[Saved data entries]
= Beginning of Section =
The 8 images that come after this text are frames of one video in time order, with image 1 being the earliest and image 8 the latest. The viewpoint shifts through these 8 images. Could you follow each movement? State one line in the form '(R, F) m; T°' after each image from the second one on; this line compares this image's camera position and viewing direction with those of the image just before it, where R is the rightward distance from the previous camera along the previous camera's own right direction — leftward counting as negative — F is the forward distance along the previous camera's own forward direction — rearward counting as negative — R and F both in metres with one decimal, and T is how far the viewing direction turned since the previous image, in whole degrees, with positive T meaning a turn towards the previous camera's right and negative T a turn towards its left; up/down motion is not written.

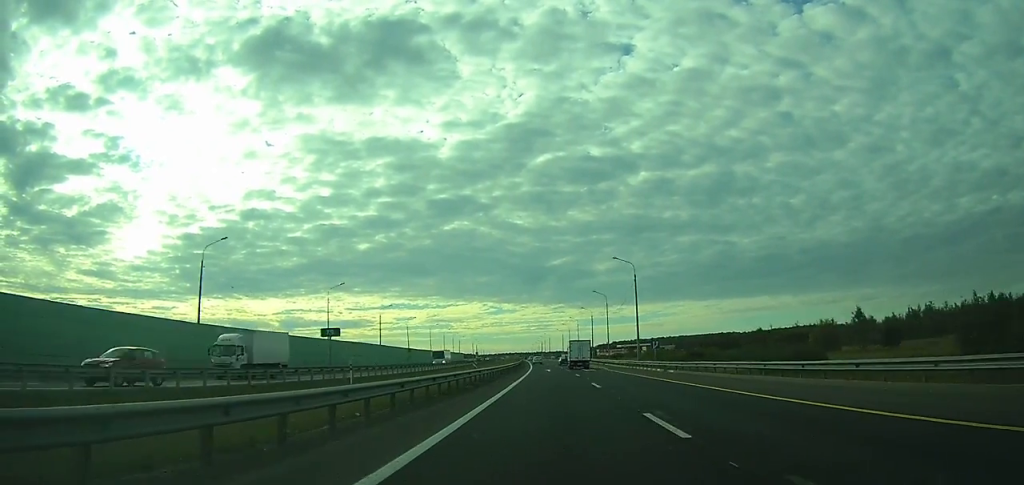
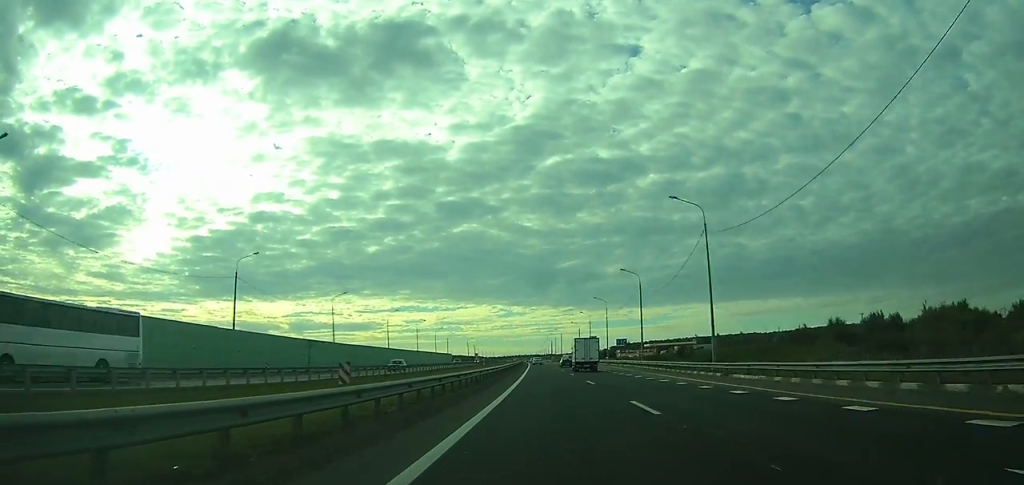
(-0.7, +56.9) m; -1°
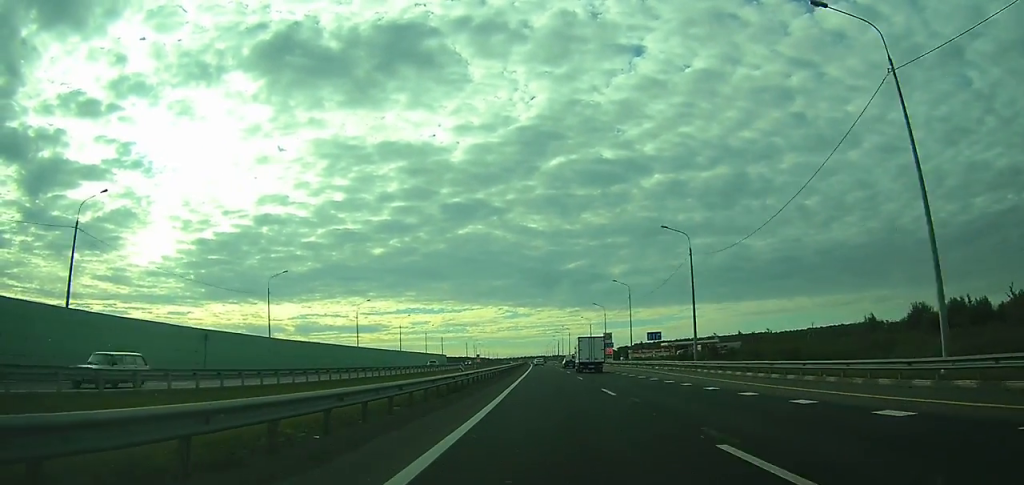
(-0.1, +24.7) m; -1°
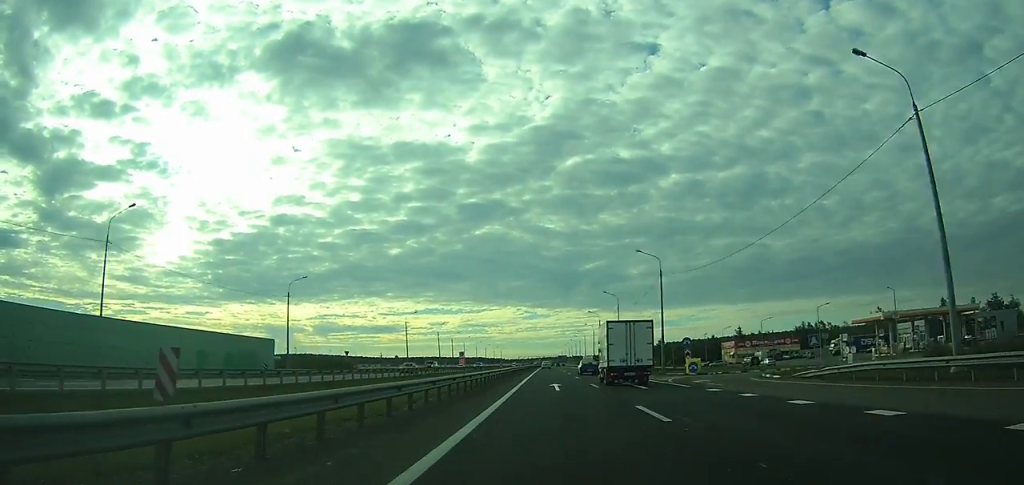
(-3.3, +143.0) m; -2°
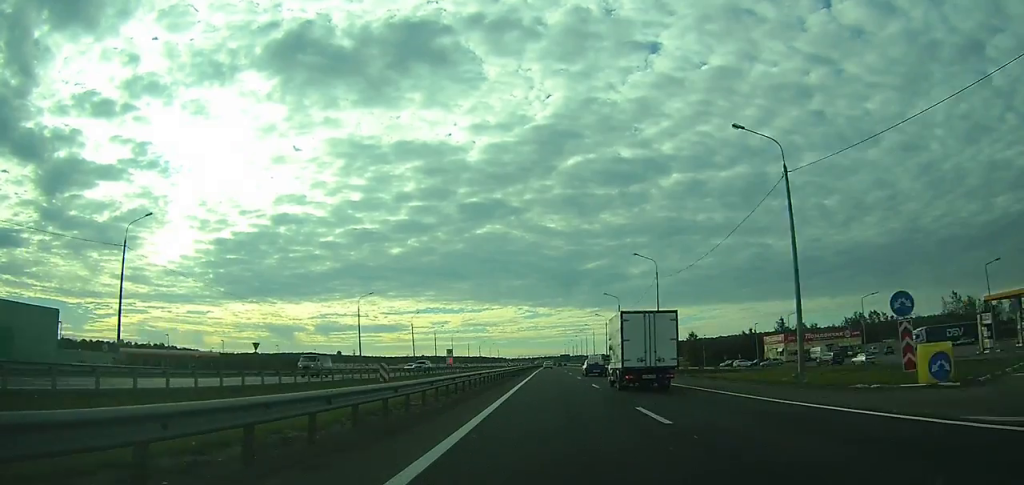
(0.0, +33.1) m; 0°
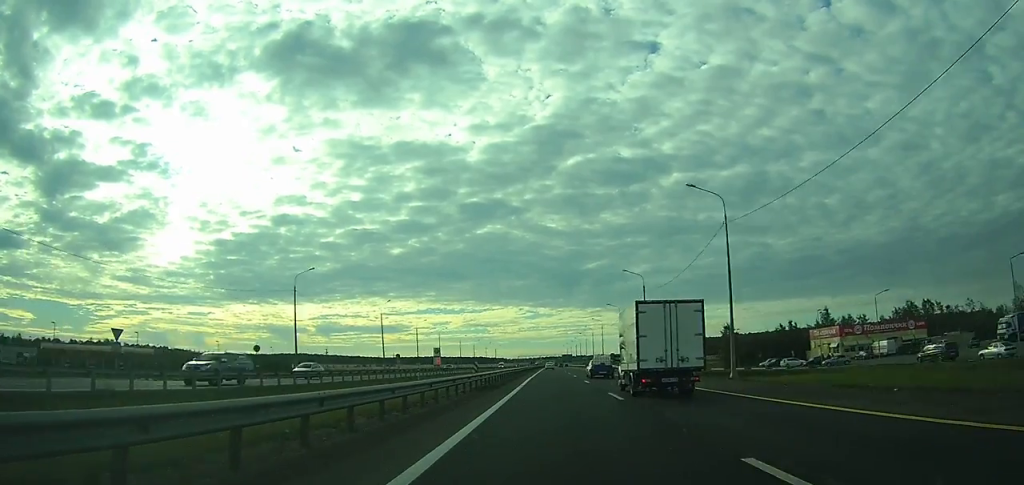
(-0.1, +24.7) m; 0°
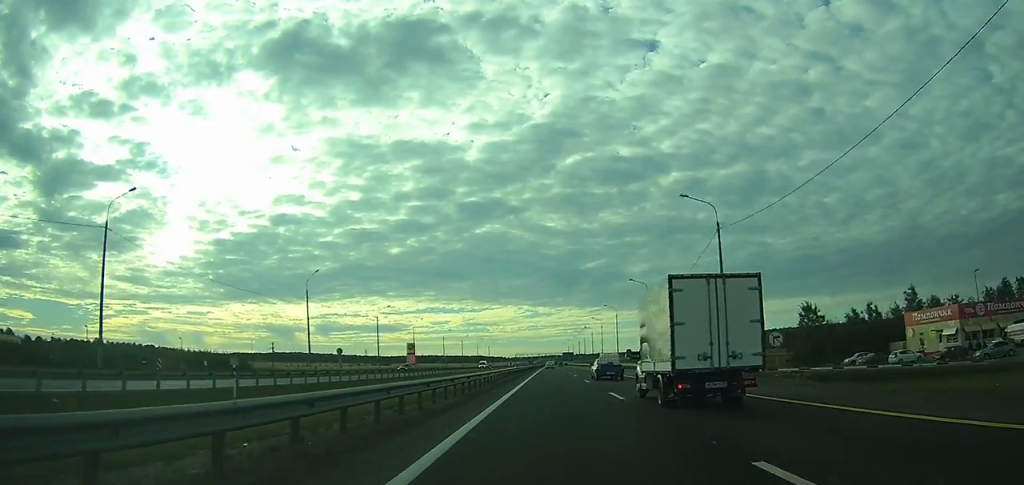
(-0.1, +33.0) m; 0°
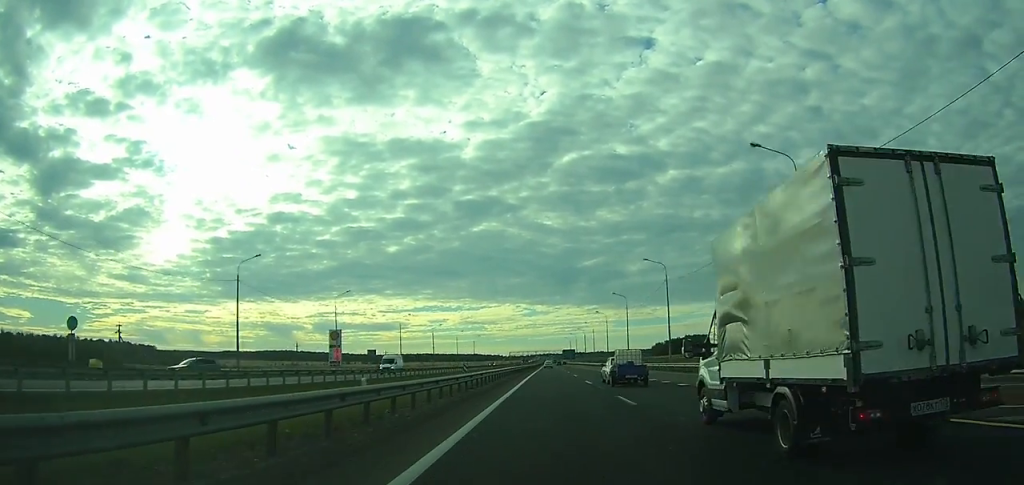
(+0.1, +49.0) m; 0°
= End of Section =
■ **EXERCISE DIRECTIONS**
Print all the records again exactly; do not include any picture.

■ **EXERCISE ANSWER**
The 8 images that come after this text are frames of one video in time order, with image 1 being the earliest and image 8 the latest. The viewpoint shifts through these 8 images. Could you follow each movement? State one line in the form '(R, F) m; T°' after each image from the second one on; this line compares this image's camera position and viewing direction with those of the image just before it, where R is the rightward distance from the previous camera along the previous camera's own right direction — leftward counting as negative — F is the forward distance along the previous camera's own forward direction — rearward counting as negative — R and F both in metres with one decimal, and T is how far the viewing direction turned since the previous image, in whole degrees, with positive T meaning a turn towards the previous camera's right and negative T a turn towards its left; up/down motion is not written.

(-0.7, +56.9) m; -1°
(-0.1, +24.7) m; -1°
(-3.3, +143.0) m; -2°
(0.0, +33.1) m; 0°
(-0.1, +24.7) m; 0°
(-0.1, +33.0) m; 0°
(+0.1, +49.0) m; 0°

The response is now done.